Problem: Porn in My Python Package

I was debugging a dependency issue in my Anaconda environment. I navigated to site-packages/protego/tests and saw:

www.youporn.com
www.pornhub.com
test_xxx_sites.txt

My first reaction: “Did I get hacked?”

I opened the files. They weren’t what they looked like. They were test fixtures for a robots.txt parser library. The Protego library uses real domain names to test robots.txt parsing logic.

Technically valid. Professionally disastrous.

I started wondering: Should test data even be included in Python packages? What’s the best practice here?
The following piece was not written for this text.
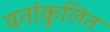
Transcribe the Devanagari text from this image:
वतांकुलित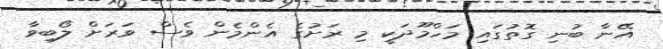
އޭނާ ބުނި ގޮތުގައި މަހްމޫދަކީ މި ރަށުގެ އެންމެން ވެސް ވަރަށް ލޯބިވާ

The answer isn’t simple. Let me walk you through what I learned.

What Counts as Test Data?

Test data in Python packages falls into three categories:

Synthetic fixtures: Generated data for testing

  • Mock JSON responses
  • Sample config files
  • Fake URLs and domain names

Real-world samples: Actual data from production

  • Real robots.txt files (like Protego uses)
  • Sample PDFs/HTML files
  • Production config snippets

Test corpora: Large datasets for validation

  • 10,000 document samples
  • Multi-gigabyte training data
  • Comprehensive test suites

The question is: Which of these should you bundle in your PyPI package?

The Case FOR Bundling Test Data

There are legitimate reasons to include test data.
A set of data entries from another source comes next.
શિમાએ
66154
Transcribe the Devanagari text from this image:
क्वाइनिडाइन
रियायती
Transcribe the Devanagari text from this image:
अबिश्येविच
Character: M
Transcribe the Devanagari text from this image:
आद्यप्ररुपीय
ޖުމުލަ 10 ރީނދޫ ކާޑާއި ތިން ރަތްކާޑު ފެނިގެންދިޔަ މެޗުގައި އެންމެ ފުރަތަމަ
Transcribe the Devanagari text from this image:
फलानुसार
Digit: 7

User convenience: Tests run immediately after installation

Terminal window
pip install protego
pytest protego/tests # Just works

No downloading test data separately. No setup scripts. Contributors can clone and run tests instantly.
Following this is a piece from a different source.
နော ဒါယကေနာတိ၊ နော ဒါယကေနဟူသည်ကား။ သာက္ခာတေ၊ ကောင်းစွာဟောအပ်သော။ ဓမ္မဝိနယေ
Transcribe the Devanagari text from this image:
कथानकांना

Real-world validation: Synthetic data isn’t enough

Consider a robots.txt parser. You need actual robots.txt files from real domains:

tests/test_robots_parser.py
def parse_example_com():
"""Test parsing of real robots.txt from example.com"""
parser = RobotFileParser()
parser.read("tests/fixtures/www.example.com")
assert parser.can_fetch("*", "/allowed")

I tried writing synthetic robots.txt files. Edge cases emerged that I never predicted:

  • Non-standard crawl-delay formats
  • Weird wildcard patterns
  • Conflicting allow/disallow rules
  • Unicode in paths

Real data caught bugs synthetic data missed.

CI/CD simplicity: No test data setup in pipelines

Your CI just runs pytest. No caching test data, no download scripts, no network dependencies.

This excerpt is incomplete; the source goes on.